Heady stuff, but it all boiled down to a mathematical analysis, and his breakthrough thinking was even given a mathematical name, the Coase Theorem.
Coase’s inclusion of contracting and contracting costs into the mix of a firm’s organizational structure and accounting helped earn him the Nobel Prize in Economics in 1991. While not his intent, many outsourcing advocates point to Coase’s work the grandfather of outsourcing because his worked helped provide companies with a framework for thinking of make versus buy decisions.

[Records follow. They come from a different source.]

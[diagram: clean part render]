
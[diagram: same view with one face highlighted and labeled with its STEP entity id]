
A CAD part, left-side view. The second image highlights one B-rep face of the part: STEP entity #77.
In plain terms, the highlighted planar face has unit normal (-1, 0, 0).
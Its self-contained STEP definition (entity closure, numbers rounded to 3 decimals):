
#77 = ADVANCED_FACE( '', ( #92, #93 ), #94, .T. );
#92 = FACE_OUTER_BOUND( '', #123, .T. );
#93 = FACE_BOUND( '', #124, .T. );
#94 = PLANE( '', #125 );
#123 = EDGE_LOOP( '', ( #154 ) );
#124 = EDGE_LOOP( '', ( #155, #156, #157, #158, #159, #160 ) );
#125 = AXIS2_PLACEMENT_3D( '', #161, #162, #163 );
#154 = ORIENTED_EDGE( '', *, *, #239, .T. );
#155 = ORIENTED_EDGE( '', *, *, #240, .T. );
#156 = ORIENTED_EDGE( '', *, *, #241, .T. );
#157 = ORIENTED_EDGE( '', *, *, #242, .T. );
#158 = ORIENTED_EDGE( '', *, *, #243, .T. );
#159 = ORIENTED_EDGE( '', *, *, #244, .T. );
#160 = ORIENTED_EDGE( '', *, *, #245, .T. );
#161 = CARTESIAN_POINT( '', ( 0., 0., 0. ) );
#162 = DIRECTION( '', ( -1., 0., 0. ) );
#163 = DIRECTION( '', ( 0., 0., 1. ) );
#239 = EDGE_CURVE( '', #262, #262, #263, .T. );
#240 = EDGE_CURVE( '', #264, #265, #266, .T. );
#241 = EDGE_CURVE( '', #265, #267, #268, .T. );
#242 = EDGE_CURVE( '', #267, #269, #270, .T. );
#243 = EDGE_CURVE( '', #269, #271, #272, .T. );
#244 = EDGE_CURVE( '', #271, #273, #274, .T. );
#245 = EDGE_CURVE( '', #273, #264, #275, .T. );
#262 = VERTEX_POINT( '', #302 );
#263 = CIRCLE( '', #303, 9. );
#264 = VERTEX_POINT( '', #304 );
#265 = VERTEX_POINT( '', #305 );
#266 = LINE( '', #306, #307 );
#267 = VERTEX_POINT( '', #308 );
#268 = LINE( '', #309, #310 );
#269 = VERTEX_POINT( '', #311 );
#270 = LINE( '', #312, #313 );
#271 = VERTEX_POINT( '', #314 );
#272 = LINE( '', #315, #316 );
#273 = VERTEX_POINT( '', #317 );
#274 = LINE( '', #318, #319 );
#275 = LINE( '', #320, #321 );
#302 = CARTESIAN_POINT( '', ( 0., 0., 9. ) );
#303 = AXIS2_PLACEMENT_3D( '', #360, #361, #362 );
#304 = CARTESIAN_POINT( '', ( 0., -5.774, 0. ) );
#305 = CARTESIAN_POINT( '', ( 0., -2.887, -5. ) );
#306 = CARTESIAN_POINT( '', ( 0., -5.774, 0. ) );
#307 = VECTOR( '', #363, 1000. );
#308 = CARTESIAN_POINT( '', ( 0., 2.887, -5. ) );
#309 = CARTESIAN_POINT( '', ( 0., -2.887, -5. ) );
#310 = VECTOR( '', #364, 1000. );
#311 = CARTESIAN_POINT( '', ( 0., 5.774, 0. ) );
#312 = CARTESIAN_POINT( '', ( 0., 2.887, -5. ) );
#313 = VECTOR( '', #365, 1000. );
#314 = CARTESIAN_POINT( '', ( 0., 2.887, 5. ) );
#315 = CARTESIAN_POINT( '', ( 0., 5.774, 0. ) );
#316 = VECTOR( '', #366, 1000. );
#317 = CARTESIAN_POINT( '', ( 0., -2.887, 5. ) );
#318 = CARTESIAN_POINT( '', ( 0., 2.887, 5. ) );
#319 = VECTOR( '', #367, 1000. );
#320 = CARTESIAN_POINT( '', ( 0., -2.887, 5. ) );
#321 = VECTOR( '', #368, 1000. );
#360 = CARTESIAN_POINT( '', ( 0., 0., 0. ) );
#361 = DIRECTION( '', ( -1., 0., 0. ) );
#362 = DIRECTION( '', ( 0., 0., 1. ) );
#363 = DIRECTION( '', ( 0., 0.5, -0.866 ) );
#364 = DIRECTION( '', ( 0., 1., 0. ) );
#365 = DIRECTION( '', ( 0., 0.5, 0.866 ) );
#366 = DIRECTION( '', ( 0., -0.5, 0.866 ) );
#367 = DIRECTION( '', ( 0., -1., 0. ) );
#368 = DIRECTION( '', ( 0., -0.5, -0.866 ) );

I like to imagine that he was probably scratching his head and laughing at companies who rushed to offshore in the late 1990’s only to find that the $1 they saved in manufacturing was offset by other costs – because they didn’t do the math! In short: outsourcing is a math problem. A company needs to look at the transaction costs and do the calculations to determine not only if they should outsource, but where they should outsource.

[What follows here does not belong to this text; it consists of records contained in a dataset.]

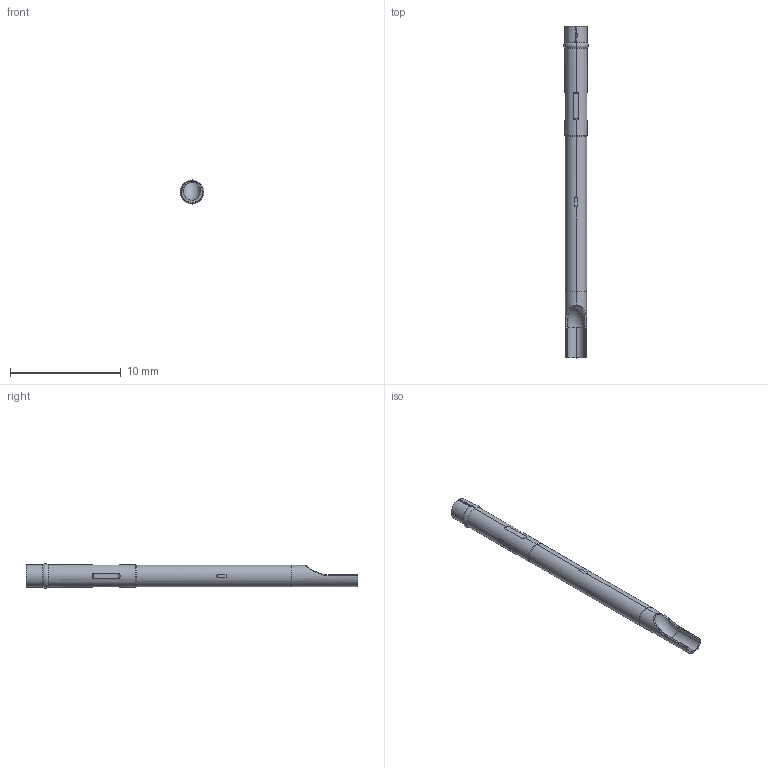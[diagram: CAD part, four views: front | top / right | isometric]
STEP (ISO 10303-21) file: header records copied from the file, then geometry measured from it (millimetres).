
FILE_DESCRIPTION (( 'STEP AP203' ), '1' );
FILE_NAME ('INGUN_KS-112_30_E2.STEP', '2022-02-09T05:16:07', ( 'ochi' ), ( '' ), 'SwSTEP 2.0', 'SolidWorks 2018', '' );
FILE_SCHEMA (( 'CONFIG_CONTROL_DESIGN' ));
Length unit declared in the file: millimetre
Products named in the file (1): INGUN_KS-112_30_E2
Bounding box: 2.2 x 30 x 2.2 mm (x, y, z)
Volume: 81.4 mm3; surface area: 190.8 mm2
Topology: 1 solids, 1 shells, 134 faces, 364 edges, 238 vertices
Faces by surface type: plane 53, cylinder 49, bspline 25, cone 4, torus 3
Entity records: 4761 total; most frequent: CARTESIAN_POINT 1507, ORIENTED_EDGE 728, DIRECTION 577, EDGE_CURVE 364, VERTEX_POINT 238, AXIS2_PLACEMENT_3D 220, EDGE_LOOP 140, LINE 137

For today’s outsourcing firms the lesson is fairly clear: When outsourcing, consider the TOTAL COST – not just the price and budget of the work that is being outsourced. If you make your decisions solely on the price of the scope of work and not the total costs you will have a myopic and highly inaccurate picture.
And that’s also where three Vested Outsourcing rules come into serious play: Rule# 2 Focus on Outcomes; Rule#3 Agree on Clearly Defined and Measurable Outcomes; and Rule #4 Optimize Pricing Model Incentives.